What: Just added a personal reading log (only for books) to the blog:

https://blog.brunobuss.dev/reading/

Why: I have been using Goodreads for a long time and earlier this year I started to use StoryGraph too, exported my data from Goodreads there and have been adding new entries to both sites until last month.

Looking at my own data is fun. I do enjoy setting reading goals for each year and see slowly the bar filling up during the year; I do enjoy seeing how many books/pages I did read month-over-month and year-over-year; I do enjoy looking at publication year scatter plot to see which times I was more into reading new books or more classic ones.

I do enjoy all that, but unfortunately Amazon (Goodreads’ owner) also enjoy having all this data 🙃

This is something that had been in the back of my mind for awhile, but I think it started nagging me more and more when I finished reading “Technofeudalism: What Killed Capitalism” by Yanis Varoufakis:

https://www.penguin.co.uk/books/451795/technofeudalism-by-varoufakis-yanis/9781847927279

(Also, not that it feels Amazon has been doing a great job with Goodreads’ either.
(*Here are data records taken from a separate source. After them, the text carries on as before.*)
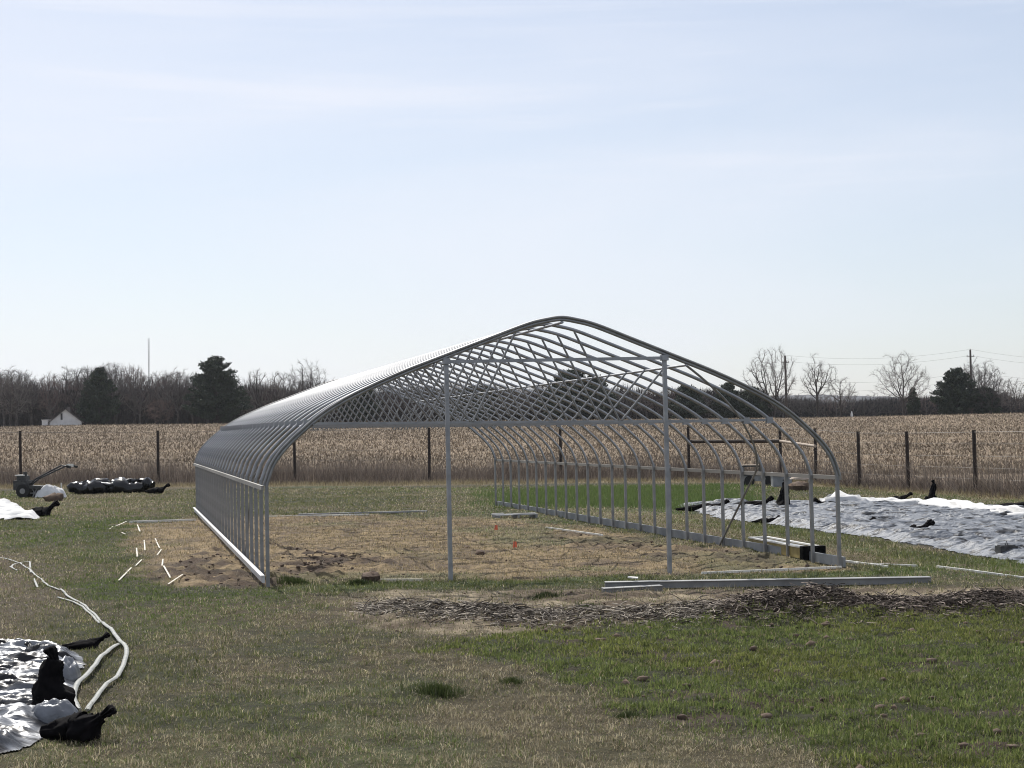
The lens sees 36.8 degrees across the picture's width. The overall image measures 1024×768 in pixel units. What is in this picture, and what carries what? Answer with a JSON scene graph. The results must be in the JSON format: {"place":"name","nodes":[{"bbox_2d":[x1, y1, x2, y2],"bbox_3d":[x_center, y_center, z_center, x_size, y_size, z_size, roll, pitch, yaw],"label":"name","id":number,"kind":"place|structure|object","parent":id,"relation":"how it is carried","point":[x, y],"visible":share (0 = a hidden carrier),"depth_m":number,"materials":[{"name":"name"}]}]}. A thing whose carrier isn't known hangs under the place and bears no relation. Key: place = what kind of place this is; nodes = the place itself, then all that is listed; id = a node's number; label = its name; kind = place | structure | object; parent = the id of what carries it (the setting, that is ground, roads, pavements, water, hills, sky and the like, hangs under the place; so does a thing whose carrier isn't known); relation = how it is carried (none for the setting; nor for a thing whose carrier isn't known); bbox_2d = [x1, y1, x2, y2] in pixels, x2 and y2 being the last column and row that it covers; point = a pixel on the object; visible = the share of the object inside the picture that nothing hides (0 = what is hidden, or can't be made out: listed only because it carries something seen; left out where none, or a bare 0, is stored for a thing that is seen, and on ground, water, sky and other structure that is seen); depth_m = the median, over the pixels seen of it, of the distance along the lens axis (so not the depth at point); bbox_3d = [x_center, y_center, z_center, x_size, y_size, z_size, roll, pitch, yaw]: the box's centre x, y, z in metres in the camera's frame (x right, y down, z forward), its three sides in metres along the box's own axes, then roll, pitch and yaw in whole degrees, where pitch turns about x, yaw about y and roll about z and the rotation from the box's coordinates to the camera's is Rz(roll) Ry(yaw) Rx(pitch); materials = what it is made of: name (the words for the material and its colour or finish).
{"place":"outdoors","nodes":[
{"label":"outdoors","id":0,"kind":"place"},
{"bbox_2d":[0,413,1023,767],"bbox_3d":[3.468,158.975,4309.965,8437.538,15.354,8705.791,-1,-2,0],"label":"ground","id":1,"kind":"structure","parent":0,"point":[328,569],"depth_m":16.34,"materials":[{"name":"plant"}]},
{"bbox_2d":[0,365,33,426],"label":"bare tree","id":2,"kind":"object","parent":1,"relation":"on","point":[10,402],"visible":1,"depth_m":267.85,"materials":[{"name":"brown plant"}]},
{"bbox_2d":[0,498,38,519],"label":"plastic sheet","id":3,"kind":"object","parent":1,"relation":"on","point":[9,509],"visible":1,"depth_m":39.75,"materials":[{"name":"plastic"}]},
{"bbox_2d":[30,500,59,516],"bbox_3d":[-12.421,3.289,40.585,0.957,0.415,0.493,-1,-2,-11],"label":"black bag","id":4,"kind":"object","parent":3,"relation":"on","point":[42,511],"visible":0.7,"depth_m":40.50,"materials":[{"name":"plastic"}]},
{"bbox_2d":[0,368,40,425],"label":"bare tree","id":5,"kind":"object","parent":1,"relation":"on","point":[16,413],"visible":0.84,"depth_m":272.27,"materials":[{"name":"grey plant"}]},
{"bbox_2d":[15,374,49,425],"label":"bare tree","id":6,"kind":"object","parent":1,"relation":"on","point":[30,412],"visible":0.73,"depth_m":275.51,"materials":[{"name":"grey plant"}]},
{"bbox_2d":[0,638,84,752],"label":"plastic sheet","id":7,"kind":"object","parent":1,"relation":"on","point":[21,723],"visible":0.7,"depth_m":11.88,"materials":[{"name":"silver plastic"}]},
{"bbox_2d":[24,641,46,651],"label":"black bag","id":8,"kind":"object","parent":7,"relation":"on","point":[30,647],"visible":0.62,"depth_m":13.98,"materials":[{"name":"plastic"}]},
{"bbox_2d":[31,698,77,722],"bbox_3d":[-3.193,2.278,10.727,0.378,0.173,0.200,-1,-2,0],"label":"plastic fold","id":9,"kind":"object","parent":7,"relation":"on","point":[47,711],"visible":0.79,"depth_m":10.66,"materials":[{"name":"plastic"}]},
{"bbox_2d":[31,645,78,709],"bbox_3d":[-3.322,2.143,11.151,0.378,0.494,0.317,-1,-2,-6],"label":"black bag","id":10,"kind":"object","parent":7,"relation":"on","point":[48,684],"visible":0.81,"depth_m":11.08,"materials":[{"name":"plastic"}]},
{"bbox_2d":[13,464,77,497],"bbox_3d":[-16.691,3.460,54.974,2.183,1.166,0.740,-1,-2,6],"label":"walk behind tiller","id":11,"kind":"object","parent":1,"relation":"on","point":[24,486],"visible":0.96,"depth_m":54.82,"materials":[{"name":"metal"}]},
{"bbox_2d":[37,372,61,419],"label":"bare tree","id":12,"kind":"object","parent":1,"relation":"on","point":[48,415],"visible":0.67,"depth_m":277.37,"materials":[{"name":"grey plant"}]},
{"bbox_2d":[34,484,66,497],"bbox_3d":[-16.429,3.811,54.807,1.112,0.485,0.700,-1,-2,0],"label":"cloth heap","id":13,"kind":"object","parent":1,"relation":"on","point":[46,490],"visible":0.89,"depth_m":54.60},
{"bbox_2d":[37,372,65,419],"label":"bare tree","id":14,"kind":"object","parent":1,"relation":"on","point":[48,399],"visible":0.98,"depth_m":272.15,"materials":[{"name":"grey plant"}]},
{"bbox_2d":[43,492,63,501],"bbox_3d":[-15.164,3.776,50.874,0.674,0.399,0.588,-1,-2,0],"label":"soil heap","id":15,"kind":"object","parent":1,"relation":"on","point":[54,496],"visible":0.7,"depth_m":50.70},
{"bbox_2d":[48,407,82,425],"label":"white shed","id":16,"kind":"structure","parent":1,"relation":"on","point":[65,417],"depth_m":262.05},
{"bbox_2d":[49,366,83,411],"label":"bare tree","id":17,"kind":"object","parent":1,"relation":"on","point":[66,382],"visible":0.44,"depth_m":283.87,"materials":[{"name":"grey plant"}]},
{"bbox_2d":[59,655,80,681],"bbox_3d":[-3.658,2.342,12.623,0.222,0.228,0.400,-1,-2,0],"label":"plastic fold","id":18,"kind":"object","parent":1,"relation":"on","point":[71,671],"visible":0.59,"depth_m":12.54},
{"bbox_2d":[62,378,82,417],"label":"bare tree","id":19,"kind":"object","parent":1,"relation":"on","point":[73,396],"visible":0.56,"depth_m":277.65,"materials":[{"name":"brown plant"}]},
{"bbox_2d":[39,704,116,741],"bbox_3d":[-2.867,2.237,10.196,0.500,0.224,0.339,-1,-2,-7],"label":"black bag","id":20,"kind":"object","parent":1,"relation":"on","point":[81,726],"visible":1,"depth_m":10.10,"materials":[{"name":"plastic"}]},
{"bbox_2d":[60,588,102,621],"bbox_3d":[-5.173,2.646,18.450,0.065,0.080,3.860,0,-2,-23],"label":"hose","id":21,"kind":"object","parent":1,"relation":"on","point":[87,608],"visible":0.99,"depth_m":18.16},
{"bbox_2d":[61,632,110,649],"bbox_3d":[-4.036,2.435,14.588,0.441,0.140,0.192,0,-3,-35],"label":"black bag","id":22,"kind":"object","parent":1,"relation":"on","point":[89,643],"visible":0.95,"depth_m":14.53,"materials":[{"name":"plastic"}]},
{"bbox_2d":[73,366,120,424],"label":"evergreen tree","id":23,"kind":"object","parent":1,"relation":"on","point":[95,408],"visible":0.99,"depth_m":269.05,"materials":[{"name":"green plant"}]},
{"bbox_2d":[72,643,121,710],"bbox_3d":[-3.519,2.411,12.972,0.169,0.068,3.796,-1,-2,-10],"label":"hose","id":24,"kind":"object","parent":1,"relation":"on","point":[89,671],"visible":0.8,"depth_m":12.93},
{"bbox_2d":[84,622,128,710],"bbox_3d":[-3.625,2.456,13.923,0.303,0.064,5.728,-1,-2,-14],"label":"hose","id":25,"kind":"object","parent":1,"relation":"on","point":[109,681],"visible":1,"depth_m":12.98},
{"bbox_2d":[66,477,155,494],"bbox_3d":[-15.124,3.892,57.956,3.256,0.772,1.214,-1,-2,0],"label":"plastic roll","id":26,"kind":"object","parent":1,"relation":"on","point":[115,485],"visible":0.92,"depth_m":57.58,"materials":[{"name":"black plastic"}]},
{"bbox_2d":[105,365,133,424],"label":"bare tree","id":27,"kind":"object","parent":1,"relation":"on","point":[116,394],"visible":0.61,"depth_m":273.63,"materials":[{"name":"brown plant"}]},
{"bbox_2d":[120,364,151,424],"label":"bare tree","id":28,"kind":"object","parent":1,"relation":"on","point":[133,376],"visible":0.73,"depth_m":277.01,"materials":[{"name":"brown plant"}]},
{"bbox_2d":[125,372,154,424],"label":"bare tree","id":29,"kind":"object","parent":1,"relation":"on","point":[136,400],"visible":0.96,"depth_m":272.61,"materials":[{"name":"brown plant"}]},
{"bbox_2d":[145,483,169,493],"bbox_3d":[-13.188,3.881,57.239,0.941,0.377,0.481,-1,-2,-9],"label":"black bag","id":30,"kind":"object","parent":1,"relation":"on","point":[154,490],"visible":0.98,"depth_m":57.11,"materials":[{"name":"plastic"}]},
{"bbox_2d":[143,398,175,423],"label":"bush","id":31,"kind":"object","parent":1,"relation":"on","point":[163,408],"visible":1,"depth_m":267.67,"materials":[{"name":"brown plant"}]},
{"bbox_2d":[147,371,173,423],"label":"bare tree","id":32,"kind":"object","parent":1,"relation":"on","point":[158,393],"visible":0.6,"depth_m":278.36,"materials":[{"name":"brown plant"}]},
{"bbox_2d":[129,519,195,522],"bbox_3d":[-8.596,3.372,37.857,1.616,0.066,0.060,0,-2,-25],"label":"long bar","id":33,"kind":"object","parent":1,"relation":"on","point":[178,520],"visible":0.93,"depth_m":37.83,"materials":[{"name":"plastic"}]},
{"bbox_2d":[152,371,185,423],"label":"bare tree","id":34,"kind":"object","parent":1,"relation":"on","point":[168,396],"visible":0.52,"depth_m":277.20,"materials":[{"name":"brown plant"}]},
{"bbox_2d":[152,370,192,423],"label":"bare tree","id":35,"kind":"object","parent":1,"relation":"on","point":[176,392],"visible":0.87,"depth_m":272.23,"materials":[{"name":"brown plant"}]},
{"bbox_2d":[173,375,201,423],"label":"bare tree","id":36,"kind":"object","parent":1,"relation":"on","point":[192,417],"visible":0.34,"depth_m":270.68,"materials":[{"name":"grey plant"}]},
{"bbox_2d":[181,355,253,422],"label":"evergreen tree","id":37,"kind":"object","parent":1,"relation":"on","point":[225,402],"visible":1,"depth_m":264.53,"materials":[{"name":"green plant"}]},
{"bbox_2d":[238,380,260,413],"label":"bare tree","id":38,"kind":"object","parent":1,"relation":"on","point":[246,410],"visible":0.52,"depth_m":271.11,"materials":[{"name":"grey plant"}]},
{"bbox_2d":[245,370,266,408],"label":"bare tree","id":39,"kind":"object","parent":1,"relation":"on","point":[256,394],"visible":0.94,"depth_m":270.19,"materials":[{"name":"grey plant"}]},
{"bbox_2d":[261,379,280,406],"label":"bare tree","id":40,"kind":"object","parent":1,"relation":"on","point":[270,391],"visible":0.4,"depth_m":273.32,"materials":[{"name":"grey plant"}]},
{"bbox_2d":[262,371,285,402],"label":"bare tree","id":41,"kind":"object","parent":1,"relation":"on","point":[276,393],"visible":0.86,"depth_m":267.98,"materials":[{"name":"brown plant"}]},
{"bbox_2d":[271,574,312,584],"bbox_3d":[-2.995,2.677,21.109,0.686,0.179,0.535,-2,-2,31],"label":"grass tussock","id":42,"kind":"object","parent":1,"relation":"on","point":[289,580],"depth_m":21.05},
{"bbox_2d":[283,358,328,396],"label":"bare tree","id":43,"kind":"object","parent":1,"relation":"on","point":[311,378],"visible":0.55,"depth_m":271.29,"materials":[{"name":"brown plant"}]},
{"bbox_2d":[342,577,375,584],"bbox_3d":[-2.153,2.695,20.996,0.630,0.124,0.491,-1,-2,0],"label":"grass tussock","id":44,"kind":"object","parent":1,"relation":"on","point":[357,581],"depth_m":20.93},
{"bbox_2d":[336,390,383,421],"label":"evergreen tree","id":45,"kind":"object","parent":1,"relation":"on","point":[368,408],"visible":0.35,"depth_m":272.50,"materials":[{"name":"green plant"}]},
{"bbox_2d":[299,510,426,514],"bbox_3d":[-3.889,3.388,40.382,3.579,0.107,0.080,0,-2,-26],"label":"long bar","id":46,"kind":"object","parent":1,"relation":"on","point":[363,512],"visible":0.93,"depth_m":40.34,"materials":[{"name":"metal"}]},
{"bbox_2d":[362,571,379,581],"bbox_3d":[-1.959,2.681,21.345,0.267,0.179,0.236,-1,-2,0],"label":"soil clod","id":47,"kind":"object","parent":1,"relation":"on","point":[370,575],"visible":0.76,"depth_m":21.28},
{"bbox_2d":[0,381,772,426],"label":"undergrowth","id":48,"kind":"object","parent":1,"relation":"on","point":[124,416],"visible":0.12,"depth_m":279.19,"materials":[{"name":"plant"}]},
{"bbox_2d":[400,676,483,699],"bbox_3d":[-0.538,2.355,11.910,0.704,0.166,0.494,-1,-2,0],"label":"grass tussock","id":49,"kind":"object","parent":1,"relation":"on","point":[437,689],"depth_m":11.88,"materials":[{"name":"plant"}]},
{"bbox_2d":[450,385,505,420],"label":"evergreen tree","id":50,"kind":"object","parent":1,"relation":"on","point":[488,407],"visible":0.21,"depth_m":272.28,"materials":[{"name":"green plant"}]},
{"bbox_2d":[0,493,1021,767],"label":"dead straw","id":51,"kind":"object","parent":1,"relation":"on","point":[464,627],"visible":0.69,"depth_m":18.33,"materials":[{"name":"plant"}]},
{"bbox_2d":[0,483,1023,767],"bbox_3d":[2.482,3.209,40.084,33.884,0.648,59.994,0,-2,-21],"label":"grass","id":52,"kind":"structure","parent":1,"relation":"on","point":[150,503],"depth_m":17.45,"materials":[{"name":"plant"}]},
{"bbox_2d":[0,412,1023,477],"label":"corn stubble","id":53,"kind":"object","parent":1,"relation":"on","point":[67,441],"visible":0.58,"depth_m":128.89,"materials":[{"name":"plant"}]},
{"bbox_2d":[0,441,1023,500],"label":"dry weeds","id":54,"kind":"object","parent":1,"relation":"on","point":[343,473],"visible":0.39,"depth_m":68.05,"materials":[{"name":"plant"}]},
{"bbox_2d":[3,426,1023,493],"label":"post fence","id":55,"kind":"object","parent":1,"relation":"on","point":[780,441],"visible":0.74,"depth_m":67.70,"materials":[{"name":"brown wood"}]},
{"bbox_2d":[491,513,537,517],"bbox_3d":[0.058,3.221,37.674,1.055,0.122,0.612,-1,-2,-14],"label":"pallet","id":56,"kind":"object","parent":1,"relation":"on","point":[517,515],"visible":0.98,"depth_m":37.51,"materials":[{"name":"wood"}]},
{"bbox_2d":[497,676,532,684],"bbox_3d":[-0.002,2.381,12.339,0.303,0.072,0.305,-1,-2,-19],"label":"grass tussock","id":57,"kind":"object","parent":1,"relation":"on","point":[514,680],"depth_m":12.36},
{"bbox_2d":[193,316,845,586],"bbox_3d":[-1.929,1.385,32.501,8.598,4.017,22.070,-1,-2,-14],"label":"greenhouse frame","id":58,"kind":"object","parent":1,"relation":"on","point":[263,427],"visible":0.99,"depth_m":26.47,"materials":[{"name":"metal"}]},
{"bbox_2d":[520,590,563,599],"bbox_3d":[0.379,2.595,18.949,0.552,0.128,0.395,-1,-2,0],"label":"grass tussock","id":59,"kind":"object","parent":1,"relation":"on","point":[543,595],"depth_m":18.92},
{"bbox_2d":[536,368,607,419],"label":"evergreen tree","id":60,"kind":"object","parent":1,"relation":"on","point":[584,398],"visible":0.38,"depth_m":266.18,"materials":[{"name":"green plant"}]},
{"bbox_2d":[545,527,602,535],"bbox_3d":[1.252,3.029,31.667,0.035,0.047,3.439,-1,-2,-17],"label":"long bar","id":61,"kind":"object","parent":1,"relation":"on","point":[576,531],"visible":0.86,"depth_m":31.32,"materials":[{"name":"plastic"}]},
{"bbox_2d":[148,516,1023,767],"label":"soil clods","id":62,"kind":"object","parent":1,"relation":"on","point":[625,681],"visible":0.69,"depth_m":14.94,"materials":[{"name":"soil"}]},
{"bbox_2d":[578,374,619,418],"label":"evergreen tree","id":63,"kind":"object","parent":1,"relation":"on","point":[611,395],"visible":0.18,"depth_m":270.71,"materials":[{"name":"green plant"}]},
{"bbox_2d":[601,584,662,592],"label":"steel beam","id":64,"kind":"structure","parent":1,"relation":"on","point":[615,589],"depth_m":19.54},
{"bbox_2d":[612,710,652,719],"bbox_3d":[0.838,2.337,10.877,0.318,0.089,0.303,-1,-2,0],"label":"grass tussock","id":65,"kind":"object","parent":1,"relation":"on","point":[620,716],"depth_m":10.86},
{"bbox_2d":[466,482,823,511],"bbox_3d":[3.991,3.597,50.552,10.936,0.353,21.611,-1,-2,0],"label":"cover crop","id":66,"kind":"object","parent":1,"relation":"on","point":[677,498],"visible":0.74,"depth_m":48.92,"materials":[{"name":"green plant"}]},
{"bbox_2d":[349,580,1023,631],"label":"dead stems","id":67,"kind":"object","parent":1,"relation":"on","point":[987,595],"visible":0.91,"depth_m":16.70,"materials":[{"name":"plant"}]},
{"bbox_2d":[668,384,708,418],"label":"evergreen tree","id":68,"kind":"object","parent":1,"relation":"on","point":[692,406],"visible":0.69,"depth_m":268.57,"materials":[{"name":"green plant"}]},
{"bbox_2d":[411,589,1023,767],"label":"grass","id":69,"kind":"structure","parent":1,"relation":"on","point":[867,681],"depth_m":12.59,"materials":[{"name":"green plant"}]},
{"bbox_2d":[709,382,739,417],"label":"evergreen tree","id":70,"kind":"object","parent":1,"relation":"on","point":[721,410],"visible":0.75,"depth_m":270.84,"materials":[{"name":"green plant"}]},
{"bbox_2d":[733,386,772,417],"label":"evergreen tree","id":71,"kind":"object","parent":1,"relation":"on","point":[750,398],"visible":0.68,"depth_m":266.98,"materials":[{"name":"green plant"}]},
{"bbox_2d":[739,464,770,484],"bbox_3d":[9.538,3.551,59.951,1.256,0.821,0.648,-1,-2,-3],"label":"garden cart","id":72,"kind":"object","parent":1,"relation":"on","point":[747,478],"visible":0.44,"depth_m":59.65,"materials":[{"name":"metal"}]},
{"bbox_2d":[604,576,931,587],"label":"steel beam","id":73,"kind":"structure","parent":1,"relation":"on","point":[780,582],"depth_m":19.97,"materials":[{"name":"metal"}]},
{"bbox_2d":[740,347,796,416],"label":"bare tree","id":74,"kind":"object","parent":1,"relation":"on","point":[772,383],"visible":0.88,"depth_m":267.84,"materials":[{"name":"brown plant"}]},
{"bbox_2d":[701,566,841,573],"bbox_3d":[3.767,2.695,22.276,2.130,0.040,0.035,-1,-2,-11],"label":"long bar","id":75,"kind":"object","parent":1,"relation":"on","point":[781,569],"visible":0.86,"depth_m":22.27,"materials":[{"name":"metal"}]},
{"bbox_2d":[771,476,791,486],"bbox_3d":[10.110,3.643,57.691,0.760,0.460,0.560,-1,-2,0],"label":"grey crate","id":76,"kind":"object","parent":1,"relation":"on","point":[776,481],"visible":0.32,"depth_m":57.44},
{"bbox_2d":[776,479,789,504],"bbox_3d":[7.070,2.889,40.123,0.482,0.814,0.558,-1,-2,0],"label":"black bag","id":77,"kind":"object","parent":1,"relation":"on","point":[780,500],"visible":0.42,"depth_m":40.05,"materials":[{"name":"plastic"}]},
{"bbox_2d":[748,536,825,559],"bbox_3d":[4.491,2.694,25.282,0.380,0.230,2.725,-1,-2,-9],"label":"long crate","id":78,"kind":"object","parent":1,"relation":"on","point":[800,550],"visible":0.68,"depth_m":24.58,"materials":[{"name":"white wood"}]},
{"bbox_2d":[788,481,808,490],"bbox_3d":[10.103,3.620,53.998,0.874,0.429,0.712,-1,-2,0],"label":"debris heap","id":79,"kind":"object","parent":1,"relation":"on","point":[799,485],"visible":0.64,"depth_m":53.79,"materials":[{"name":"soil"}]},
{"bbox_2d":[788,394,814,417],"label":"bare tree","id":80,"kind":"object","parent":1,"relation":"on","point":[800,400],"visible":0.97,"depth_m":329.51,"materials":[{"name":"grey plant"}]},
{"bbox_2d":[800,353,839,417],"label":"bare tree","id":81,"kind":"object","parent":1,"relation":"on","point":[817,392],"visible":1,"depth_m":269.81,"materials":[{"name":"brown plant"}]},
{"bbox_2d":[821,375,857,416],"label":"bare tree","id":82,"kind":"object","parent":1,"relation":"on","point":[840,397],"visible":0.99,"depth_m":271.95,"materials":[{"name":"brown plant"}]},
{"bbox_2d":[833,394,866,415],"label":"bare tree","id":83,"kind":"object","parent":1,"relation":"on","point":[849,409],"visible":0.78,"depth_m":329.46,"materials":[{"name":"grey plant"}]},
{"bbox_2d":[678,498,1023,563],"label":"plastic sheet","id":84,"kind":"object","parent":1,"relation":"on","point":[967,531],"visible":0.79,"depth_m":32.04,"materials":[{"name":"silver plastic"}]},
{"bbox_2d":[675,499,729,510],"bbox_3d":[5.024,3.205,40.603,1.448,0.298,0.356,-1,-2,-3],"label":"black bag","id":85,"kind":"object","parent":84,"relation":"on","point":[698,506],"visible":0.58,"depth_m":40.50,"materials":[{"name":"plastic"}]},
{"bbox_2d":[724,496,773,505],"bbox_3d":[6.131,3.129,40.346,1.486,0.379,0.447,-1,-2,6],"label":"black bag","id":86,"kind":"object","parent":84,"relation":"on","point":[769,498],"visible":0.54,"depth_m":40.24,"materials":[{"name":"plastic"}]},
{"bbox_2d":[910,519,934,527],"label":"black bag","id":87,"kind":"object","parent":84,"relation":"on","point":[929,522],"visible":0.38,"depth_m":29.57,"materials":[{"name":"plastic"}]},
{"bbox_2d":[995,541,1017,552],"bbox_3d":[7.927,2.632,24.656,0.286,0.235,0.220,-1,-2,-6],"label":"weight block","id":88,"kind":"object","parent":84,"relation":"on","point":[1002,548],"depth_m":24.56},
{"bbox_2d":[860,392,886,415],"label":"bare tree","id":89,"kind":"object","parent":1,"relation":"on","point":[873,405],"visible":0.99,"depth_m":329.41,"materials":[{"name":"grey plant"}]},
{"bbox_2d":[881,395,901,414],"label":"bare tree","id":90,"kind":"object","parent":1,"relation":"on","point":[890,412],"visible":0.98,"depth_m":329.76,"materials":[{"name":"grey plant"}]},
{"bbox_2d":[769,392,1023,417],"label":"undergrowth","id":91,"kind":"object","parent":1,"relation":"on","point":[833,412],"visible":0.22,"depth_m":331.42,"materials":[{"name":"plant"}]},
{"bbox_2d":[871,351,930,414],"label":"bare tree","id":92,"kind":"object","parent":1,"relation":"on","point":[903,387],"visible":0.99,"depth_m":271.87,"materials":[{"name":"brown plant"}]},
{"bbox_2d":[905,387,920,415],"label":"evergreen tree","id":93,"kind":"object","parent":1,"relation":"on","point":[911,408],"visible":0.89,"depth_m":275.55,"materials":[{"name":"green plant"}]},
{"bbox_2d":[820,490,1023,514],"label":"row cover","id":94,"kind":"object","parent":1,"relation":"on","point":[963,504],"visible":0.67,"depth_m":39.59,"materials":[{"name":"fabric"}]},
{"bbox_2d":[928,480,936,497],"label":"black bag","id":95,"kind":"object","parent":1,"relation":"on","point":[932,490],"visible":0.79,"depth_m":42.57,"materials":[{"name":"plastic"}]},
{"bbox_2d":[929,367,983,414],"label":"evergreen tree","id":96,"kind":"object","parent":1,"relation":"on","point":[950,396],"visible":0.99,"depth_m":270.76,"materials":[{"name":"green plant"}]},
{"bbox_2d":[964,359,1003,409],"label":"bare tree","id":97,"kind":"object","parent":1,"relation":"on","point":[978,370],"visible":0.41,"depth_m":275.08,"materials":[{"name":"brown plant"}]},
{"bbox_2d":[971,386,1002,413],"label":"evergreen tree","id":98,"kind":"object","parent":1,"relation":"on","point":[981,409],"visible":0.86,"depth_m":270.96,"materials":[{"name":"green plant"}]},
{"bbox_2d":[970,364,1010,413],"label":"bare tree","id":99,"kind":"object","parent":1,"relation":"on","point":[996,393],"visible":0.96,"depth_m":270.29,"materials":[{"name":"brown plant"}]},
{"bbox_2d":[974,570,1023,578],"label":"long bar","id":100,"kind":"object","parent":1,"relation":"on","point":[990,573],"visible":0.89,"depth_m":21.14,"materials":[{"name":"plastic"}]},
{"bbox_2d":[1001,378,1023,412],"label":"bare tree","id":101,"kind":"object","parent":1,"relation":"on","point":[1012,391],"visible":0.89,"depth_m":290.02,"materials":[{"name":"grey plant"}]},
{"bbox_2d":[0,0,1023,413],"label":"sky","id":102,"kind":"structure","parent":0,"point":[353,187],"materials":[{"name":"blue"}]},
{"bbox_2d":[780,395,922,402],"bbox_3d":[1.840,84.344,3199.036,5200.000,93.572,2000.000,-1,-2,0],"label":"hills","id":103,"kind":"structure","parent":0,"point":[832,398],"depth_m":2819.85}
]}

The whole thing feels in life-support mode, good enough to collect the data and that is it. Many times the site crawls to a halt or have simple stuff - like adding dates when you started/finished a book - being completely broken for days.)

At that point I started to move my data to StoryGraph, which is a cool project and I really appreciate the fact that they are a small business/team. They have their own cool set of data visualization with moods, pace, book size and genres!

But there is one thing that StoryGraph does not have yet: my friends there (aka the social network); and I like to know (and show support to) what they’re currently reading, what they’re interested in currently (some may argue that you solve this with actually talking with your friends now and then 😤).

So yeah, I was not really keen on keep using Goodreads but finding it hard to make StoryGraph part of my habits. So I decided to just put stuff here in my blog for now on 🤷

PS: Another maybe helpful thing of moving away from Goodreads/StoryGraph for a bit is that those websites really didn’t helped me at all to control my ever-growing-already-infinite “to-read” list!